The guides can be placed along the model of the deformity to confirm where accurate placement of the guide should be. Once this is confirmed, the guide is fitted medially along the midfoot. An inherent "press-fit" should be appreciated. Two or three Kirschner wires are placed along the guide and placement is confirmed under fluoroscopy (Figure 4). The surgeon should note parallel placement of the wires indicating that placement is correct. Once this is confirmed, more wires can be placed along the cut guide to prevent movement.

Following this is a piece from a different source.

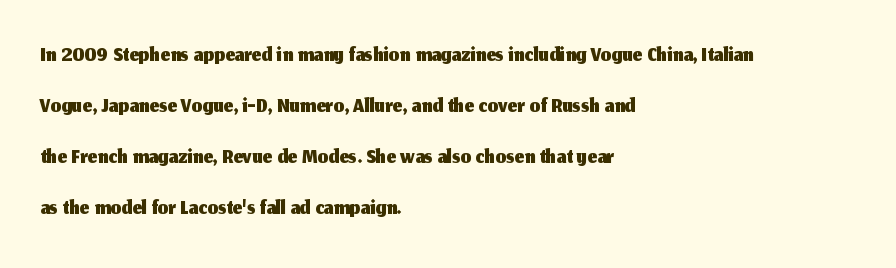
{"serif": "no", "italic": "no", "width": "normal", "stroke_contrast": "medium", "x_height": "medium", "monospaced": "no", "underline": "no", "align": "left", "line_spacing": "normal", "line_spacing_ratio": 1.5, "letter_spacing": "normal", "letter_spacing_em": 0.0, "glyph_px": 34}

Figure 4: Wedge resection based on cut-guide. View Figure 4

The cut guide is then removed once the wires are in place. If the cut guide is able to slide off easily with multiple wires placed, this also confirms accurate placement of the guide and wires for the osteotomy. A saw is then used to make the midfoot osteotomy on the outside of the wires. The saw should hug alongside the wires and be through and medial to lateral. After the osteotomy is made, the wires can be used to joystick the wedge resection out of the midfoot. This can be passed off the operating table. Any use of biologics or adjunctive bone graft should be placed within the osteotomies at this time. The forefoot and rearfoot are then opposed and temporarily pinned. Positioning of the rearfoot and forefoot are checked under fluoroscopy and compared to the preoperative planning guide to confirm accurate placement and opposition of the osteotomy.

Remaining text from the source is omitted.